Opera Background

The Don Juan Character

The character of Don Juan, on whom Mozart's Don Giovanni is based, was introduced to the world in El Burlador de Sevilla (1630), a play by Spanish monk and playwright Tirso de Molina. There was nothing particularly special about Molina's play; it was a cautionary tale about the dangers of atheism. It was well-written, but was never considered important during Molina's lifetime. The character of Don Juan, however, was to fascinate Europe for centuries, appearing in thousands of plays, stories, epic poems, operas, ballets, and philosophical treatises under various aliases-among them Don Juan, Don John, and Don Giovanni.

Artists inspired by the Don Juan theme have included Molière, Goldoni, Corneille, E.T.A Hoffman, Pushkin, George Bernard Shaw, Mozart, Gluck, and Richard Strauss. Every version of the story introduces new characters, episodes, and subtexts-and in each new incarnation the Don's personality and motivation change. A detailed history of Don Juan's evolution throughout the ages would read like a philosophical, religious, and artistic history of Europe.

Between the first performance of El Burlador de Sevilla and the premiere of Mozart's Don Giovanni, the Don Juan story had already undergone several transformations. Tirso de Molina's Don Juan was a baroque hero, rebellious and excessive, impulsive, driven by the desire for action. As Don Juan's story spread to other countries, he lost some of these characteristics. In Italy the story was embraced by the Commedia dell'arte, a type of improvised street theater featuring masks, physical comedy, and lots of dirty jokes. Commedia dell'arte troupes celebrated the Don's sexual prowess, made his valet into an Italian trickster, and added new commedia-style characters and gags. The Italian Don Juan became an unbelievably selfish man, controlled by his monstrous appetites and relentless in the pursuit of sexual pleasures.

It was probably the Italian Don Juan that Molière used as a model for his brilliant (though convoluted) version of the story, Don Juan, ou le festin de pierre (1665). Molière's subversive play, written during Louis XIV's reign, portrays Don Juan as an inactive noble who has been spoiled by his lavish lifestyle. Lazy, obsessed with beauty, and valuing nothing but his own pleasure, Don Juan would have been right at home in the King Louis' court. He has reasoned God out of his life, and mocks any religious sentiment. His obsession with women stems from his social position and life philosophy.

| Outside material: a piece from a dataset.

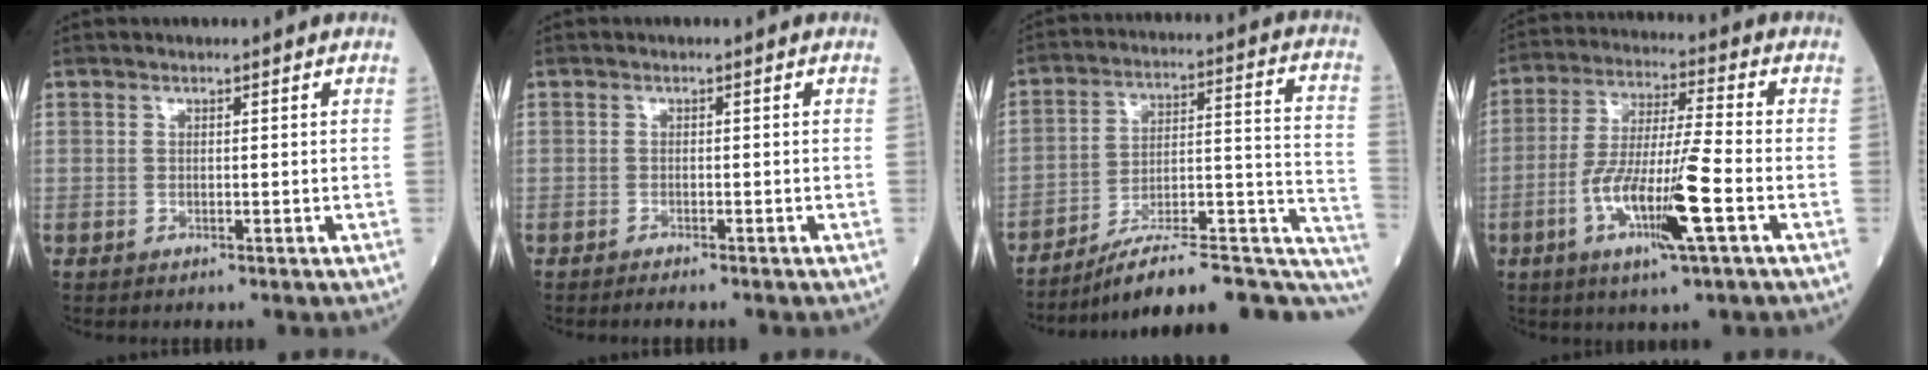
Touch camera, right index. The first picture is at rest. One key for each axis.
{"total": 1.6, "fx": -1.4, "fy": 0.1, "fz": 0.7, "tx": -0.014, "ty": -0.003, "tz": -0.019}
{"total": 21.4, "fx": -16.9, "fy": 4.4, "fz": 12.4, "tx": -0.107, "ty": 0.050, "tz": -0.244}
{"total": 12.7, "fx": -4.5, "fy": 0.5, "fz": 11.9, "tx": -0.231, "ty": -0.011, "tz": -0.085}

In England Don Juan took a particularly brutal turn in Shadwell's The Libertine (1676). Don John, Shadwell's hero, was the first in a long line of Don Juan characters to directly explain the philosophy behind his actions. Don John argues that all desires stem from nature, and since anything natural cannot be bad, desire justifies the most horrible crimes. Don John lives by his philosophy; before the play begins he has already committed about thirty murders-including that of his own father. He is essentially violent rather than passionate-but defends his crimes with deadly logic.

Da Ponte (1787), Mozart's librettist for Don Giovanni, borrowed freely from all the Don Juan stories that had preceded his libretto, from Molina and Molière to commedia dell'arte. He also added some new features to the story, notably the character of Donna Anna, whose strength and determination have captured the imagination of many writers since. Romanticists were particularly drawn to Donna Anna; E.T.A Hoffman declared that she would have been Don Juan's true love, had she not come into his life too late to save him from his own desires. Richard Wagner himself was convinced that when the opera begins, Don Juan has already had his way with a willing Donna Anna.

After Don Giovanni the story of the libertine seducer continued to evolve. E.T.A. Hoffman wrote about Don Juan as a romantic idealist, eternally frustrated by his search for the perfect woman. The Don's quest is fueled by his conviction that only true love will bring him transcendence. Later, in the 20th century, George Bernard Shaw used Don Juan as a mouthpiece for his own complicated philosophies in the third act of Man and Superman, a play-within-a-play entitled Don Juan in Hell. Others have described Don Juan as the world's greatest lover or even as irresistible to women-both views that would have surprised Tirso de Molina.

But to most people, Mozart and Da Ponte's opera remains the ultimate version of the Don Juan story, presenting the myth in all its emotional range and levels of meaning-and the character of Don Giovanni in all his complexity.